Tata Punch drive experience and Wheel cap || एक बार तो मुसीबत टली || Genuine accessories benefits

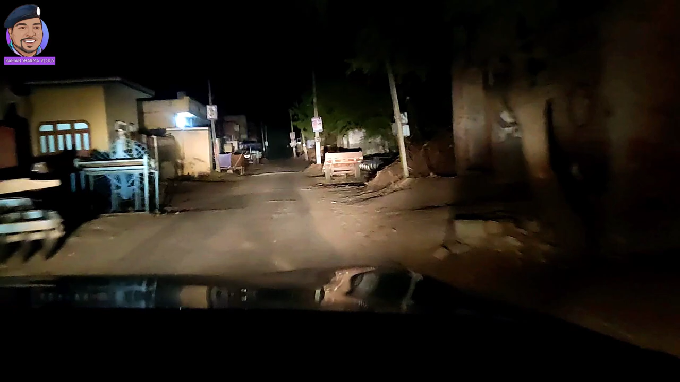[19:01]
बहुत अच्छी मूवी थी, आप भी देख सकते हैं। ये हम जा रहे हैं गांव से, गांव सो गया है, सब कुछ सो गया है।
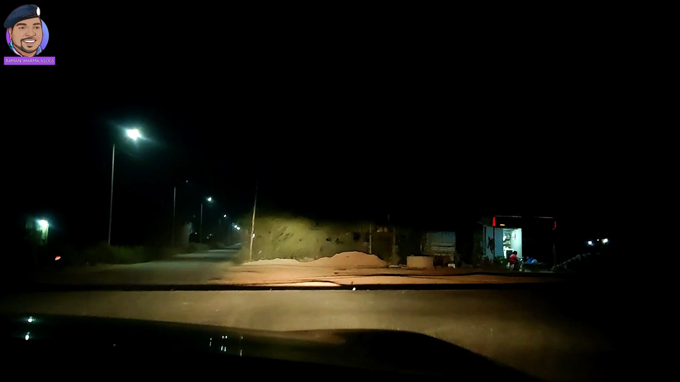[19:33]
इसमें जो एक फीचर दे रखा है, जैसे आप न्यूट्रल करके क्लिच को छोड़ेंगे उठा लेंगे तो गाड़ी ऑटोमेटिकली बंद हो जाती है। अच्छा फीचर भी है लेकिन रेड लाइट एरिया में ये चीज़ काम आ जाती है। हमारे यहाँ पर इतना ज़्यादा स्टॉप नहीं, ये तो बस रास्ता हैवी था, ट्रैफिक था,
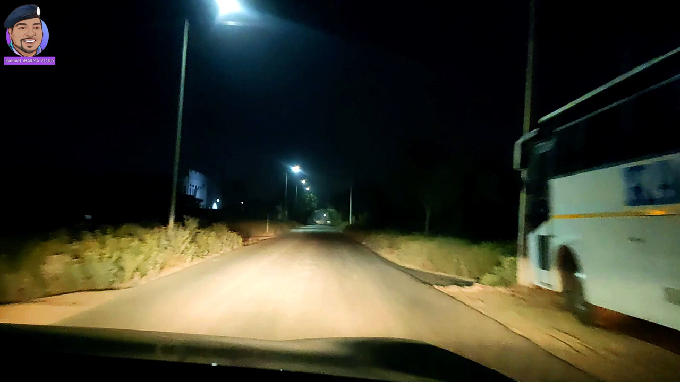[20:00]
ट्रक स्पीड में जा रहे थे, तो इसलिए मैंने जो है ब्रेक लगा दिए, तो गाड़ी ने समझा कि स्टॉप आ गई, रेड लाइट आ गई, बंद हो गई थी गाड़ी।
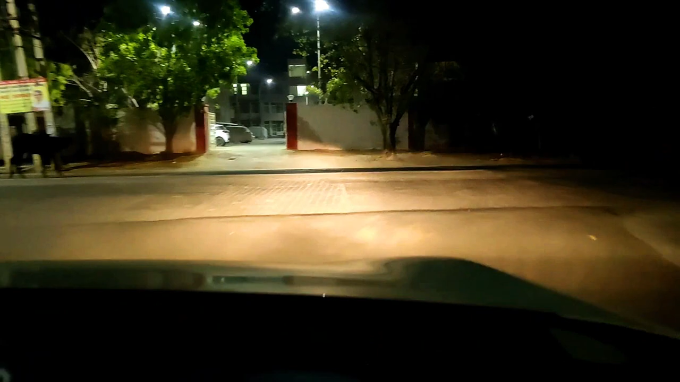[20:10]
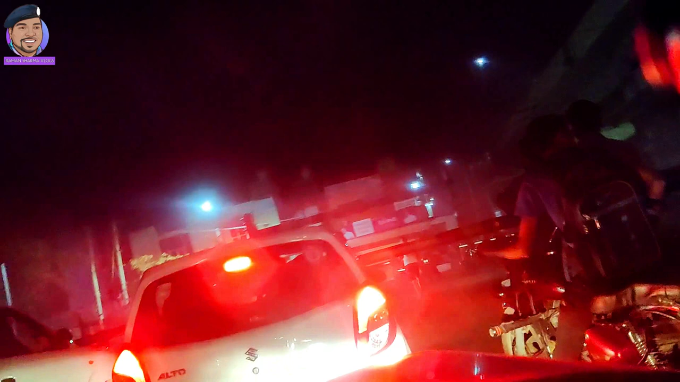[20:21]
भाई लेट में लेट से ही ट्रेन आ रही है,
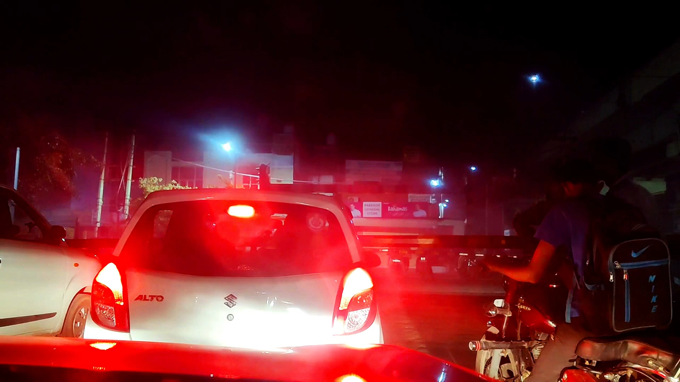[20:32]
ट्रेन जाएगी फाटक खुलेगी फिर हम आगे बढ़ेंगे। ये
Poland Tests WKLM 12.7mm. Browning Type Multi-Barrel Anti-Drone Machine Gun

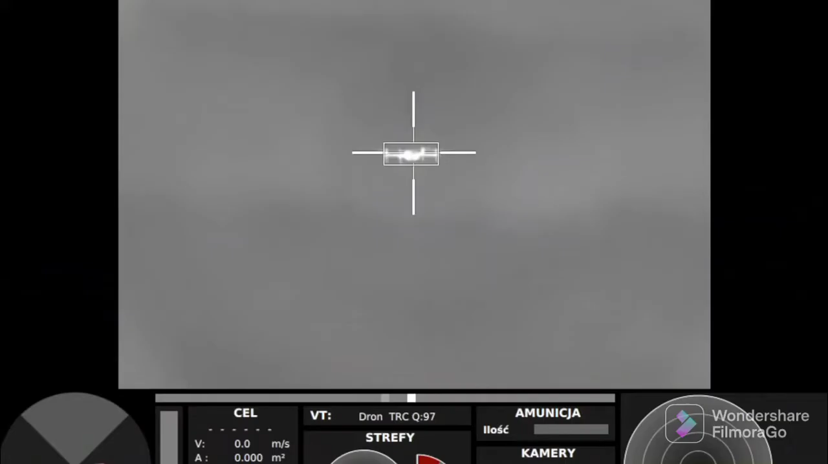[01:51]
Tests have shown that this is the most effective way to destroy small enemy UAVs using opto-electronic stations and thermal imagers.
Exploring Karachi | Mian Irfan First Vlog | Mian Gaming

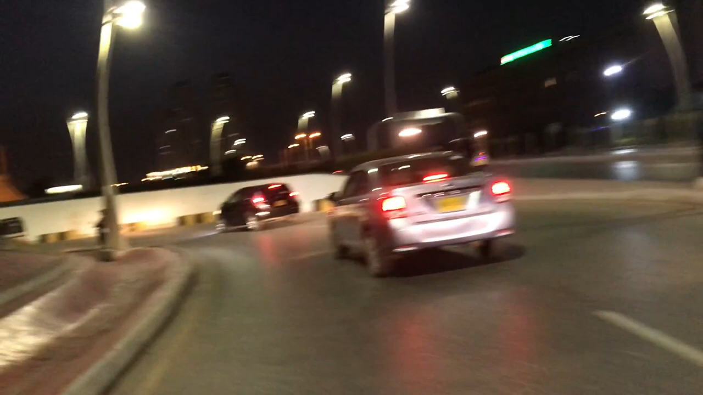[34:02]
ये बेरिया टाउन वालों ने बनवाया है। अच्छा बेरिया टाउन का अंडरपास देखा है? वो इससे भी खूबसूरत बना हुआ है।
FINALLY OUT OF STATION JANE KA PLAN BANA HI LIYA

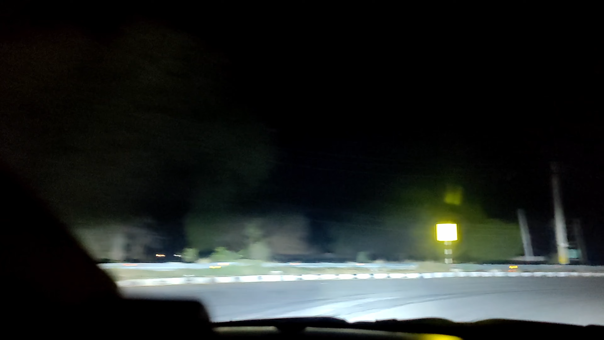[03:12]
एटलीस्ट उसे जो बाहर की जो साउंड आती है वो नहीं आएगी उसके बाद। अच्छा, जिसको नहीं पता भाई, ये KMP हाईवे एक्सप्रेस वे,
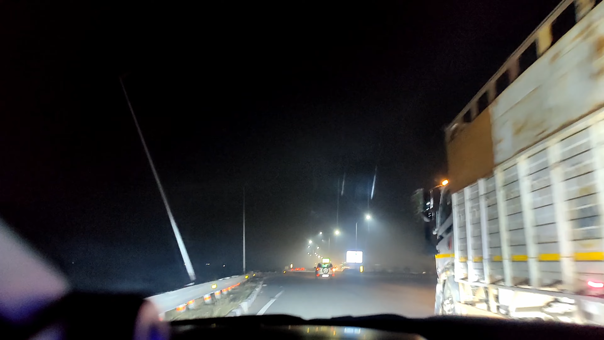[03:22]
बल्कि हाईवे भी नहीं, KMP एक्सप्रेस वे। यहाँ पर भैया 120 की है स्पीड, ऑथराइज स्पीड 120 की है, और ना कोई कट है,
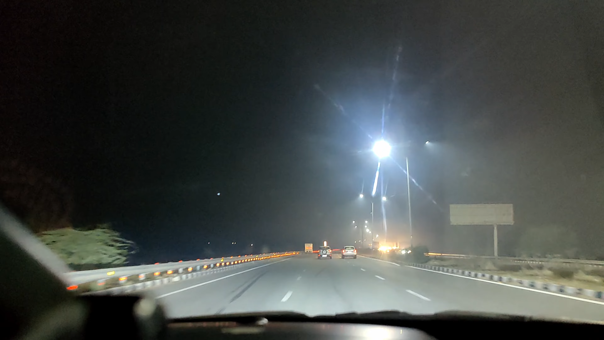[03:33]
ना रेड लाइट है, ना कोई ब्रेकर है, ना सरेकर है, कुछ नहीं है। आप ब्रेक पे पाँव रखने की जरूरत ही नहीं है, एस्केलेटर पे रखो और ताबड़तोड़ जाने दो।
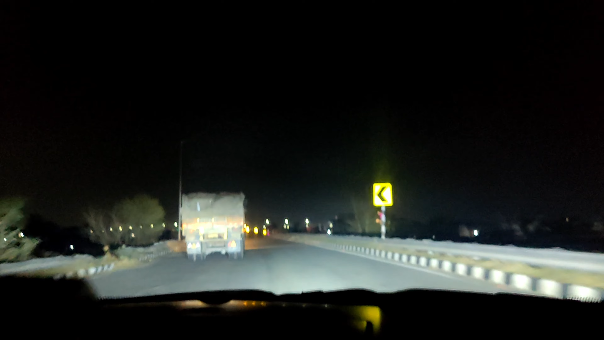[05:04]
मुझे सिर्फ एक डाउट है कि चंडीगढ़ हाईवे पे जाम ना मिले, क्योंकि चंडीगढ़ हाईवे पे जब जाम मिल जाता है ना तो थोड़ी दिक्कत। हालांकि अभी कम मिलेगा बिकॉज वो बन गए हैं फ्लाई ओवर।
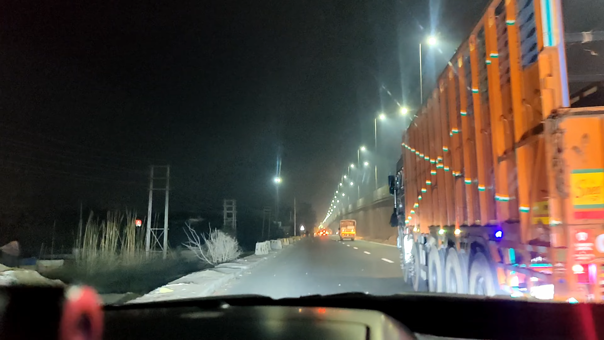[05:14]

### REQUIREMENT
Repeat the material above in full and exactly, apart from the pictures.

### RESULT BELOW
Tata Punch drive experience and Wheel cap || एक बार तो मुसीबत टली || Genuine accessories benefits

[19:01]
बहुत अच्छी मूवी थी, आप भी देख सकते हैं। ये हम जा रहे हैं गांव से, गांव सो गया है, सब कुछ सो गया है।
[19:33]
इसमें जो एक फीचर दे रखा है, जैसे आप न्यूट्रल करके क्लिच को छोड़ेंगे उठा लेंगे तो गाड़ी ऑटोमेटिकली बंद हो जाती है। अच्छा फीचर भी है लेकिन रेड लाइट एरिया में ये चीज़ काम आ जाती है। हमारे यहाँ पर इतना ज़्यादा स्टॉप नहीं, ये तो बस रास्ता हैवी था, ट्रैफिक था,
[20:00]
ट्रक स्पीड में जा रहे थे, तो इसलिए मैंने जो है ब्रेक लगा दिए, तो गाड़ी ने समझा कि स्टॉप आ गई, रेड लाइट आ गई, बंद हो गई थी गाड़ी।
[20:10]
[20:21]
भाई लेट में लेट से ही ट्रेन आ रही है,
[20:32]
ट्रेन जाएगी फाटक खुलेगी फिर हम आगे बढ़ेंगे। ये
Poland Tests WKLM 12.7mm. Browning Type Multi-Barrel Anti-Drone Machine Gun

[01:51]
Tests have shown that this is the most effective way to destroy small enemy UAVs using opto-electronic stations and thermal imagers.
Exploring Karachi | Mian Irfan First Vlog | Mian Gaming

[34:02]
ये बेरिया टाउन वालों ने बनवाया है। अच्छा बेरिया टाउन का अंडरपास देखा है? वो इससे भी खूबसूरत बना हुआ है।
FINALLY OUT OF STATION JANE KA PLAN BANA HI LIYA

[03:12]
एटलीस्ट उसे जो बाहर की जो साउंड आती है वो नहीं आएगी उसके बाद। अच्छा, जिसको नहीं पता भाई, ये KMP हाईवे एक्सप्रेस वे,
[03:22]
बल्कि हाईवे भी नहीं, KMP एक्सप्रेस वे। यहाँ पर भैया 120 की है स्पीड, ऑथराइज स्पीड 120 की है, और ना कोई कट है,
[03:33]
ना रेड लाइट है, ना कोई ब्रेकर है, ना सरेकर है, कुछ नहीं है। आप ब्रेक पे पाँव रखने की जरूरत ही नहीं है, एस्केलेटर पे रखो और ताबड़तोड़ जाने दो।
[05:04]
मुझे सिर्फ एक डाउट है कि चंडीगढ़ हाईवे पे जाम ना मिले, क्योंकि चंडीगढ़ हाईवे पे जब जाम मिल जाता है ना तो थोड़ी दिक्कत। हालांकि अभी कम मिलेगा बिकॉज वो बन गए हैं फ्लाई ओवर।
[05:14]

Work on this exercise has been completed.